Your objective: Only one stretch of the records below is wanted: the lines from the one holding "type: mesophytic deciduous forest" through the one holding "longitude: 27.3574". Return it exactly, both ends included.

══ Information provided

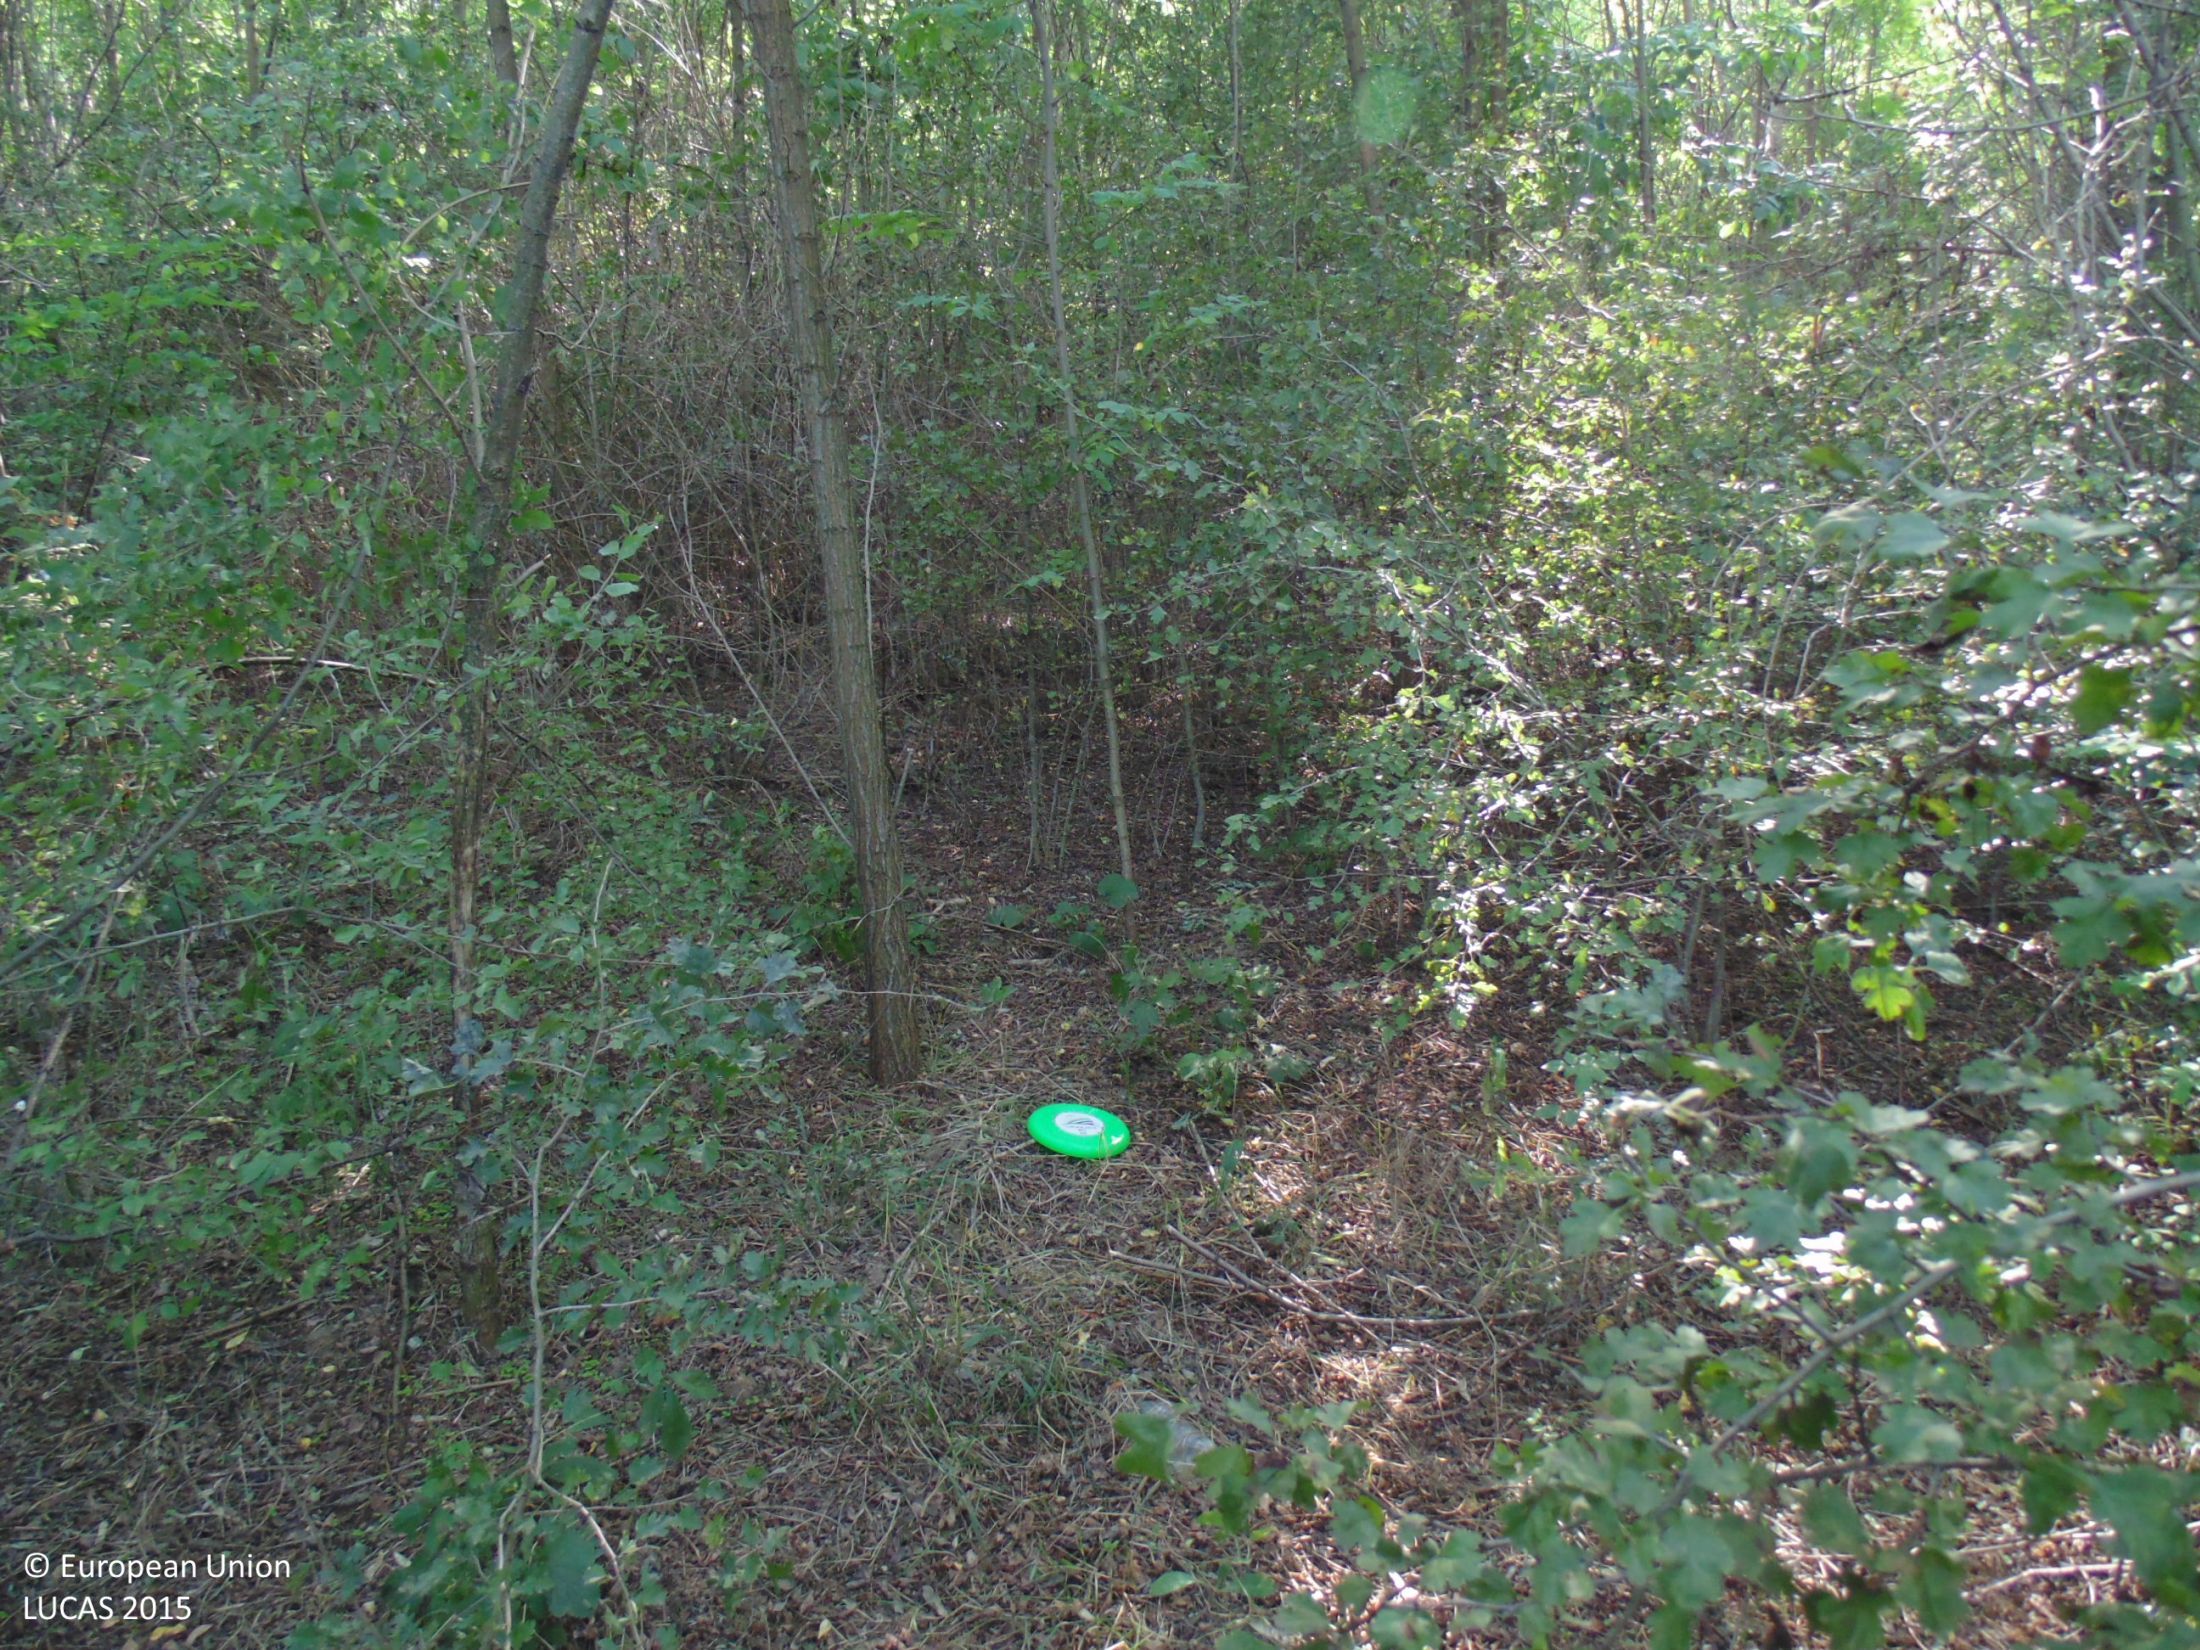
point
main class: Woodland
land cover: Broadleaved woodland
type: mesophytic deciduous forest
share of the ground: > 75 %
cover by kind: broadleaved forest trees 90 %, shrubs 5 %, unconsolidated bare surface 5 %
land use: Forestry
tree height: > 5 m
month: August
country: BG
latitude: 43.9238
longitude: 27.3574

════
══ Information provided

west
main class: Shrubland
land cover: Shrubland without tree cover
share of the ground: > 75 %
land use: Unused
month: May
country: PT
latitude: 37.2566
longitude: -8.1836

════

Task response:
type: mesophytic deciduous forest
share of the ground: > 75 %
cover by kind: broadleaved forest trees 90 %, shrubs 5 %, unconsolidated bare surface 5 %
land use: Forestry
tree height: > 5 m
month: August
country: BG
latitude: 43.9238
longitude: 27.3574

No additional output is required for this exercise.